Your post humbles me now and shames me for the person I have been. I can’t speak for your partner but I think it’s worth mentioning this all the same. At no point during our relationship have I ever found my husband to be ugly or unattractive. When I declined sex, in my own mind *all* I was refusing was the physical act. I literally had no idea of all the feelings my husband had when I rejected him. There were times he would try to make me see how it was in his shoes but it was futile, I thought it was all just manipulation to get intimate. I don’t honestly know why I didn’t absorb his perspective more, perhaps because we think that’s just how it is, full stop- that drive can’t be changed so why feel horrendous about it. I see how difficult it is to be HD- even though you try to voice how you feel your LD partner only sees it as an attempt to get more sex and the rest is white noise. 

*@SimplyAmorous
*

I really appreciate you taking the time to write such detailed responses. I must admit I am envious of your drive, I can’t help feeling more of a failure when I read your posts and that hurts. I WISH I could have all of that inside me to give to my husband. I do hope that one day I will but I can’t know what the future holds, what if that never becomes a part of me? I wish having a low drive WAS a deliberate thing and that I could simply switch it off!

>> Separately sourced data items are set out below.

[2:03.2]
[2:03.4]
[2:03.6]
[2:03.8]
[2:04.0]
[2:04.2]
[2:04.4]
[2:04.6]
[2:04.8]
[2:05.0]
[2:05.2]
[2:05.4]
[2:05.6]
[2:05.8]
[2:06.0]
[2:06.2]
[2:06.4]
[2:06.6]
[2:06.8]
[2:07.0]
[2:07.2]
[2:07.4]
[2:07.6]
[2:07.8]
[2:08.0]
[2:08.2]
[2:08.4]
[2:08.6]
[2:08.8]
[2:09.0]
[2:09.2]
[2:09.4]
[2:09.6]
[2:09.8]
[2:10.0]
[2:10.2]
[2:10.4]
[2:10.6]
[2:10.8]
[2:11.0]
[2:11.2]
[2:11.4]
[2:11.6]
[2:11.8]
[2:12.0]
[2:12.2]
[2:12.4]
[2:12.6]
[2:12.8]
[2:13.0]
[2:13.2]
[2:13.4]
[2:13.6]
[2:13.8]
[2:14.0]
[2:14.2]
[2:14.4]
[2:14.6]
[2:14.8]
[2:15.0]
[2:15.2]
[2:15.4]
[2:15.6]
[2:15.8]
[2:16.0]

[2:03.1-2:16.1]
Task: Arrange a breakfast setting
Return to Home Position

In response to your question, at any time during all of this, yes I would have understood if he had decided to leave our marriage. It would have destroyed me but I could have accepted it. A while back I think I would have resented him making that choice far more, simply because of my ignorance surrounding the issue. 

"So NOW...you feel honest DESIRE welling up ?? How often does this happen ???"

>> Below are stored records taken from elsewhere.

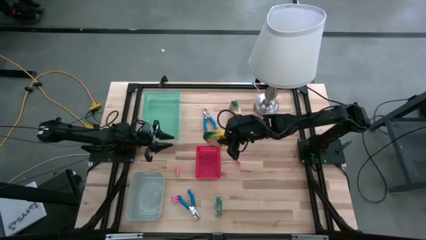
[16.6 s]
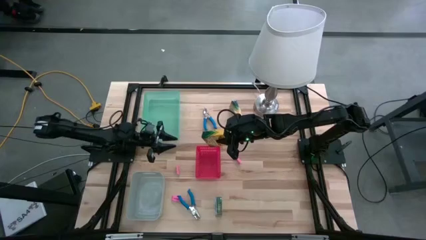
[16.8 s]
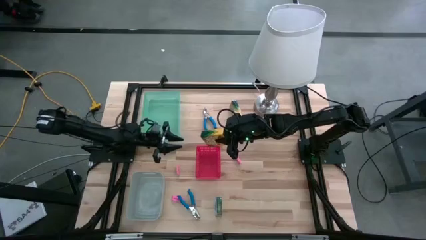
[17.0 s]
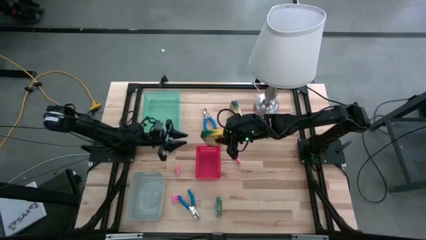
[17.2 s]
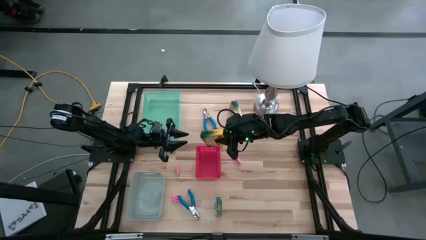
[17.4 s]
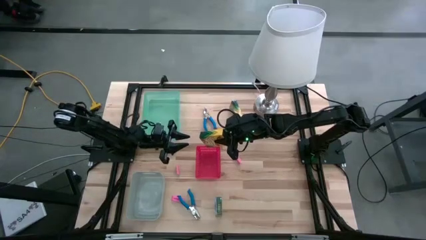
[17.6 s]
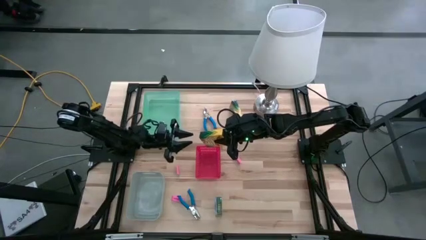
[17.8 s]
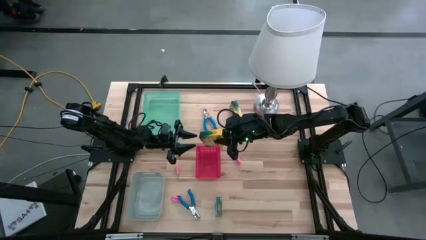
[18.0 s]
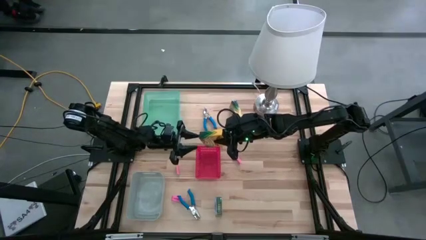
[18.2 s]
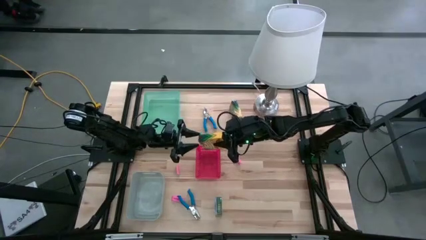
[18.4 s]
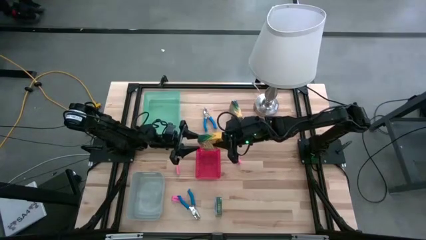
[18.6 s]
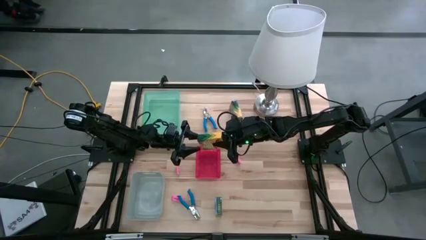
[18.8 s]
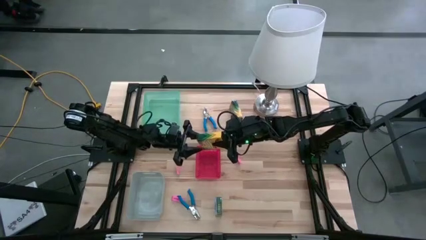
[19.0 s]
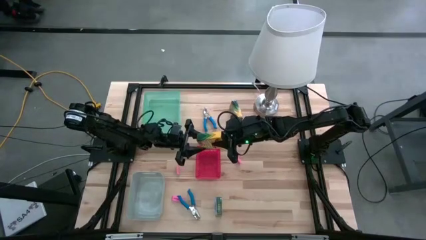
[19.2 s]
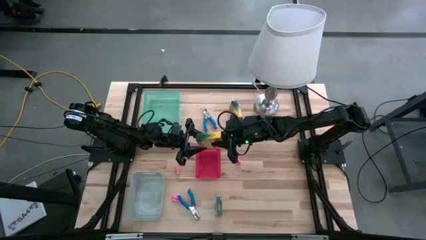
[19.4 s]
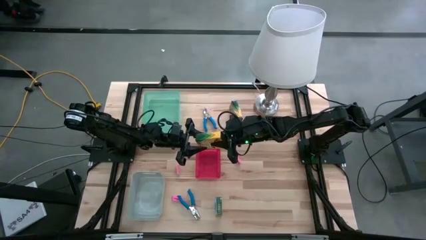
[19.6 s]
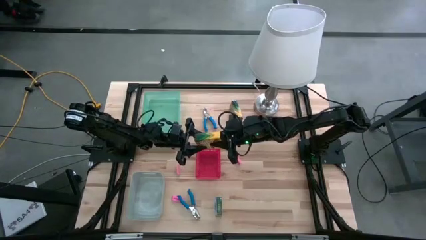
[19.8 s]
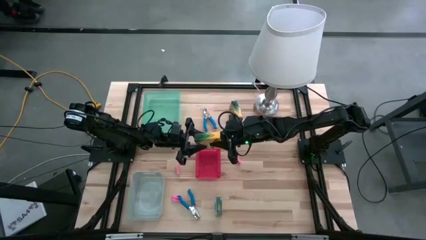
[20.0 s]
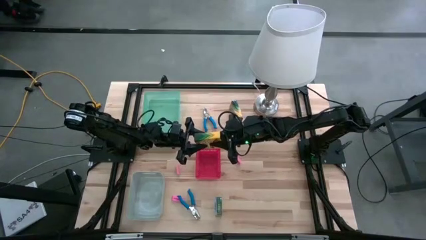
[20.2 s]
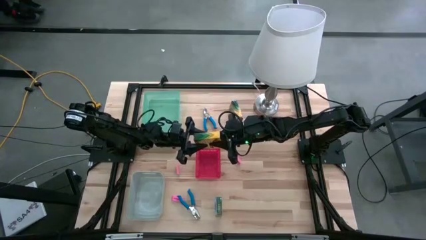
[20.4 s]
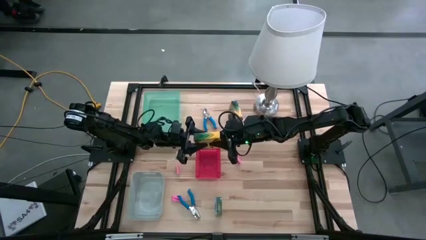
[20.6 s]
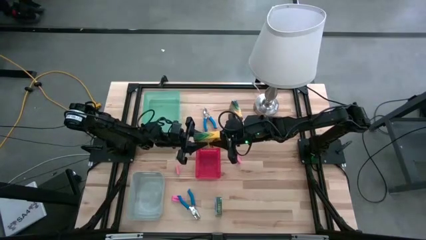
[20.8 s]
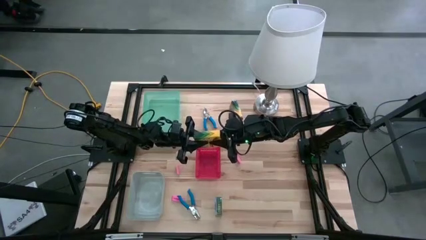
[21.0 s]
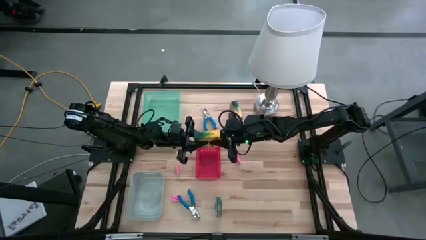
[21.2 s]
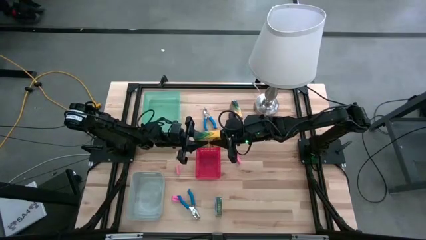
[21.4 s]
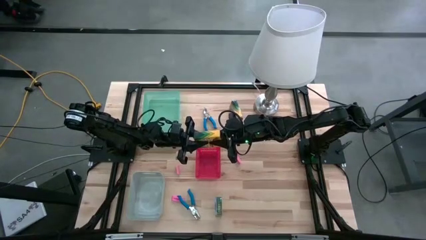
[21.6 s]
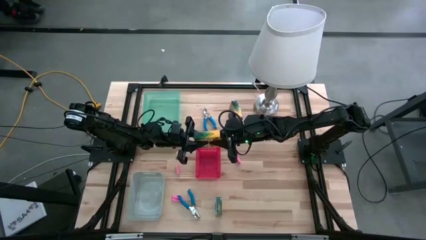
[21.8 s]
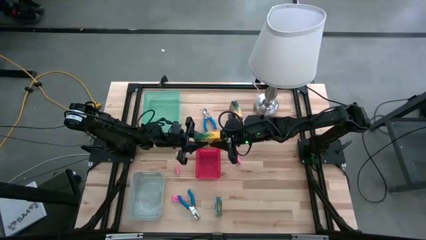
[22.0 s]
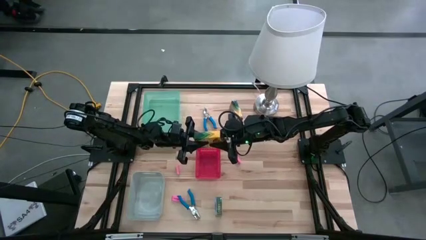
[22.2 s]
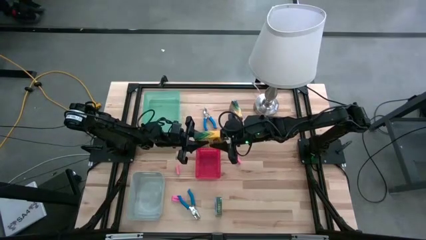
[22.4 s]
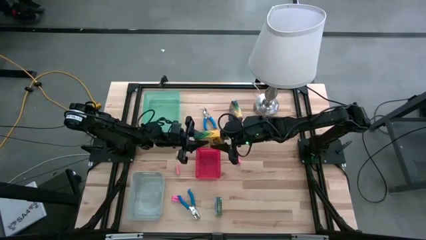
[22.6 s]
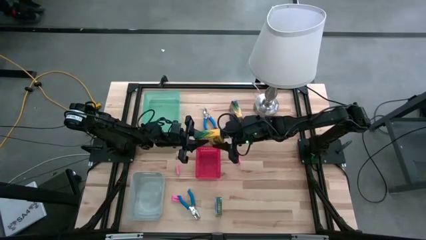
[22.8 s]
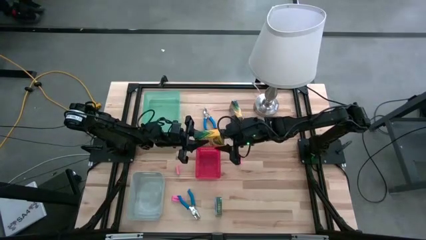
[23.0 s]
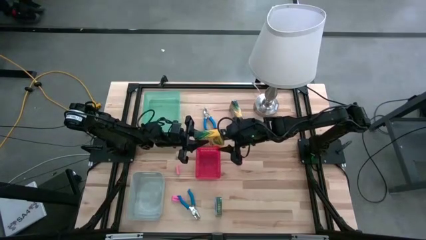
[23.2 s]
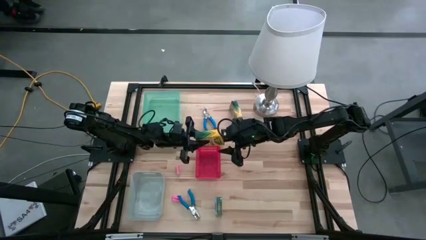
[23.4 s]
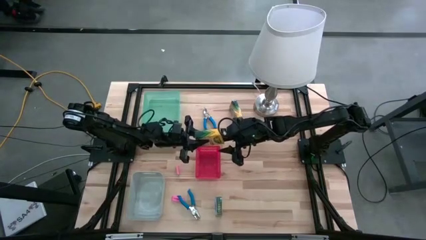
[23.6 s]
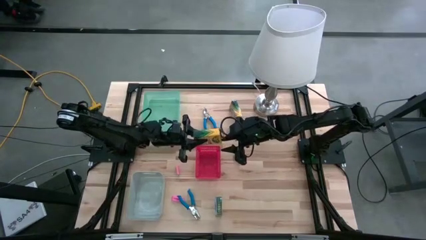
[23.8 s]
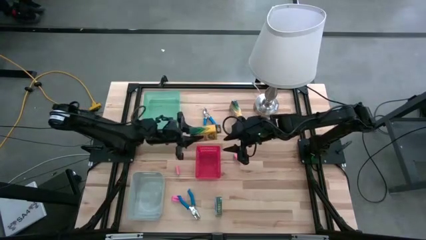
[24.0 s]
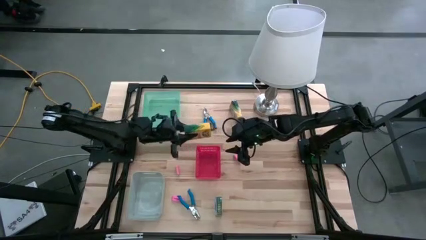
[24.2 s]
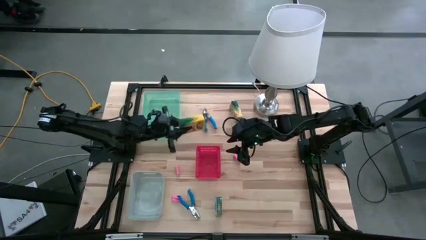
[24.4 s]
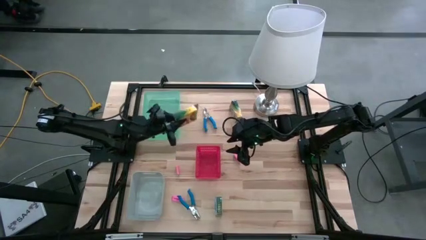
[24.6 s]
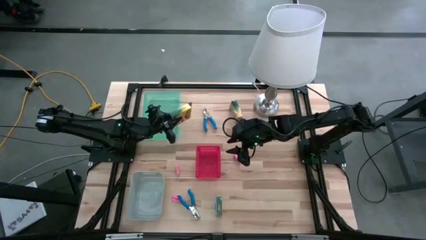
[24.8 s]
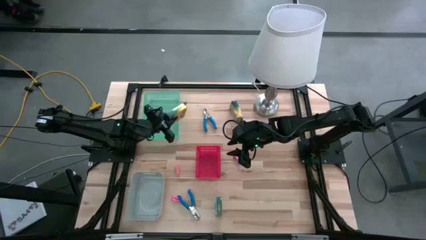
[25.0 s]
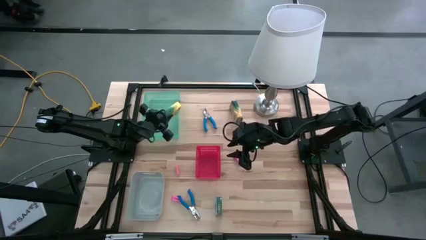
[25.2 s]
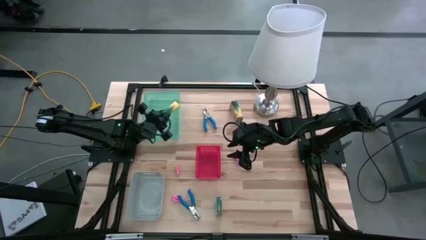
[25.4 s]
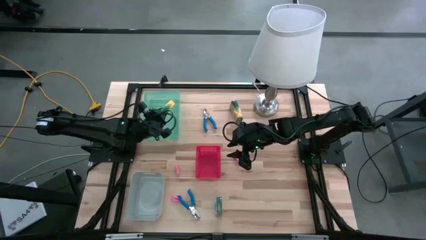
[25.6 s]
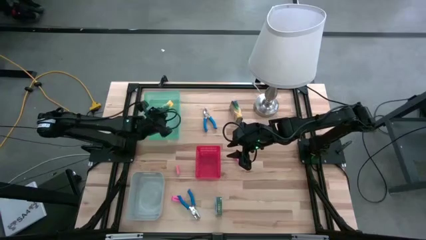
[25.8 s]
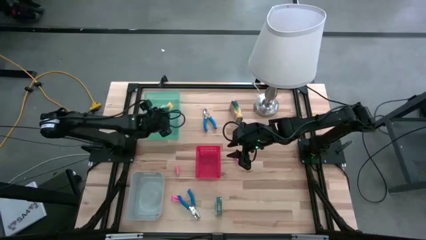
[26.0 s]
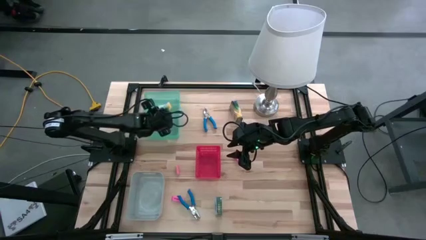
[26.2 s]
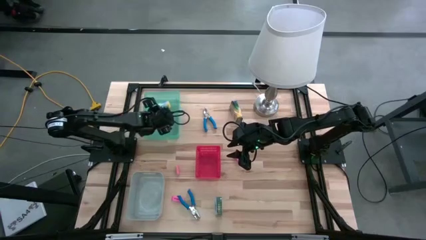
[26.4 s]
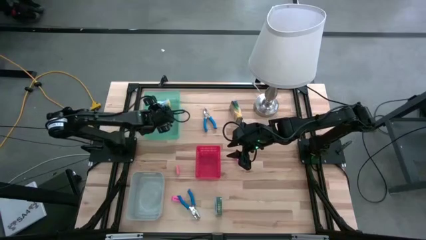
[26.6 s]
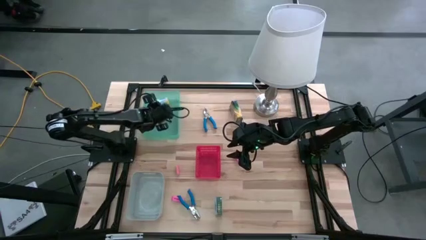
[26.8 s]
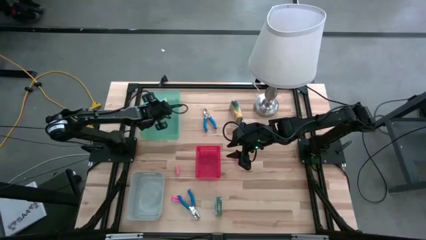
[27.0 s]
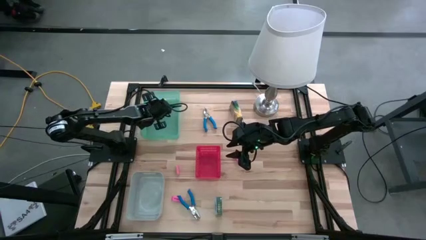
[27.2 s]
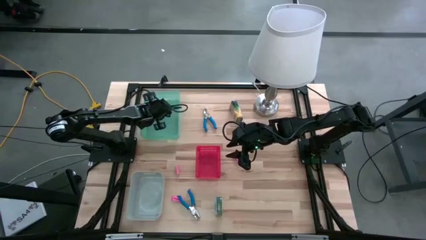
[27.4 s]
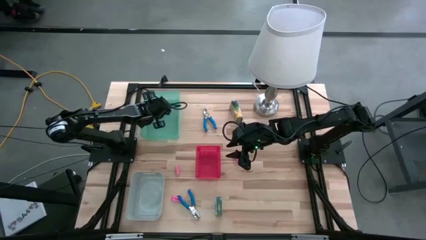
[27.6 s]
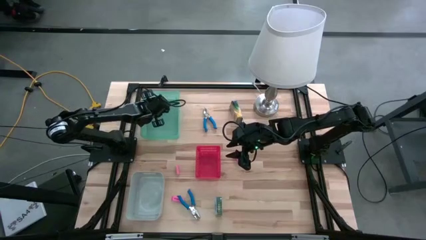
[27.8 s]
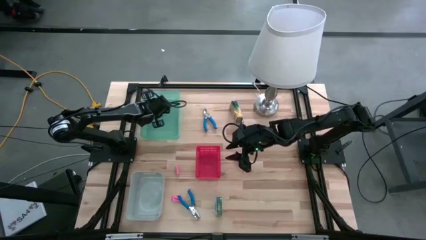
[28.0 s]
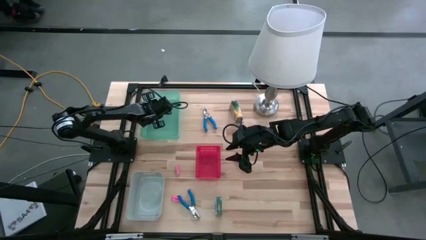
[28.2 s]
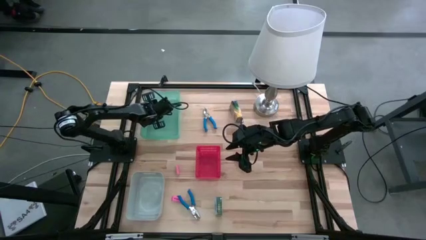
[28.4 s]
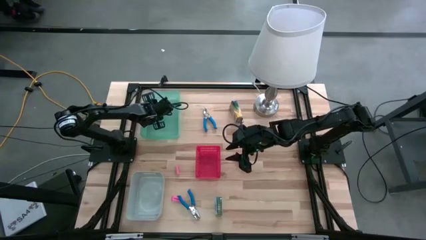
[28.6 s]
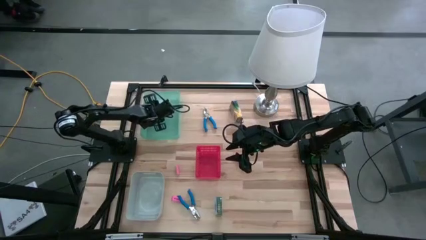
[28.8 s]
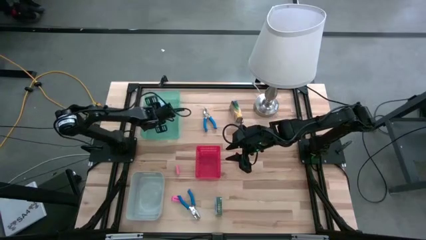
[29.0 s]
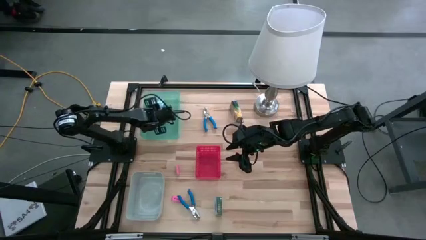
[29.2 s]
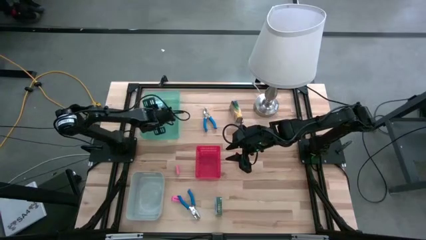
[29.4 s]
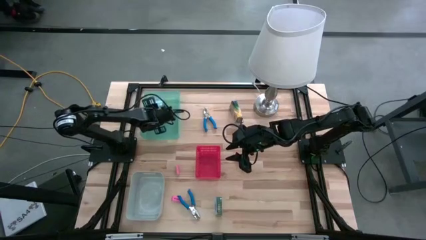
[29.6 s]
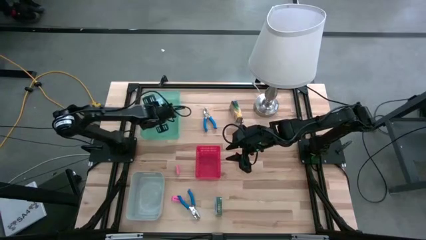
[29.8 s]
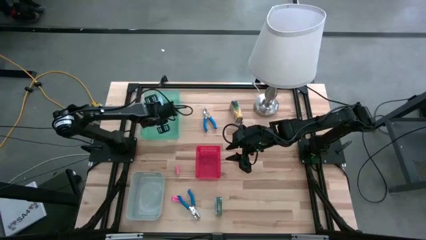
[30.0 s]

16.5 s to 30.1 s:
Task: Pick & Place School Supplies
Put the middle right yellow crayon box into the green bin

Hmm, currently I am enjoying feeling desire for my husband almost daily (I don’t mean we have sex nearly this often, just that when we kiss or touch or flirt I enjoy it. The fact that I enjoy these moments without the apprehension I used to feel allows my body and mind to be free to embrace it). When I first began trying to change I would touch and kiss him but with conscious effort . Now it feels much more natural and I love the way he melts at my touch and falls apart as we kiss. I hate that I robbed us of so much time to enjoy that. 

As for how long I have been LD, I honestly can’t say. There’s no time or event in my past that I can definitively identify as being ‘the’ point of decline. I would estimate 6 years or so, maybe around 4 years ago my husband began actively voicing his discontent. I have been worried about it for around 2 years and finally went to the doctor around 12 months ago and that signifies the start of change.

*@Enchantment*

“do YOU feel like you are doing enough?”

I hope so. I am doing everything I can think of to address the issue but I don’t know if that is going to give me an autonomous drive of my own in time. I am worried that the absence of that will mean whatever I do, I won’t be giving my husband enough.

I deliberately didn’t mention my husband’s infidelity in relation to my LD. I would say while that must have been a contributing factor, in my heart of hearts it isn’t the ‘reason’. Prior to his EA my drive was almost equal to his. Initially because we were on bad terms there was no sex wanted or had by either of us. When we made the decision to reconcile my drive remained fine. It was probably 2 years or so later my drive began to decline and was the result of other external variables. I wouldn’t exclude his infidelity but it is not the only or most significant factor (though when I was grasping for reasons to explain my low drive to myself I did allow it to feature!). I wanted to ensure that people’s responses were as objective as possible and I suspect for some people that may have affected their opinion. 

I have forgiven him. I like the sentiment that someone else highlighted on my other thread- good people sometimes make bad choices and that is exactly how I feel about the whole thing. It’s part of our past so it has contributed to where we are now, which is (mainly!) a very good place!


In response to your other questions- our marriage is exceptionally strong in a lot of ways. I won’t go into everything in depth but we’ve worked hard to have a marriage we both value and to be the best people we can be individually and together.


----------



## MEM2020 (Aug 23, 2009)

UK,
You are doing fine. 

Please ignore my earlier post on this thread, I was very sleep deprived when I wrote it. 

It is obvious you deeply love your H and have prioritized him highly in your life. And as part of that, you have prioritized the physicality in your marriage. 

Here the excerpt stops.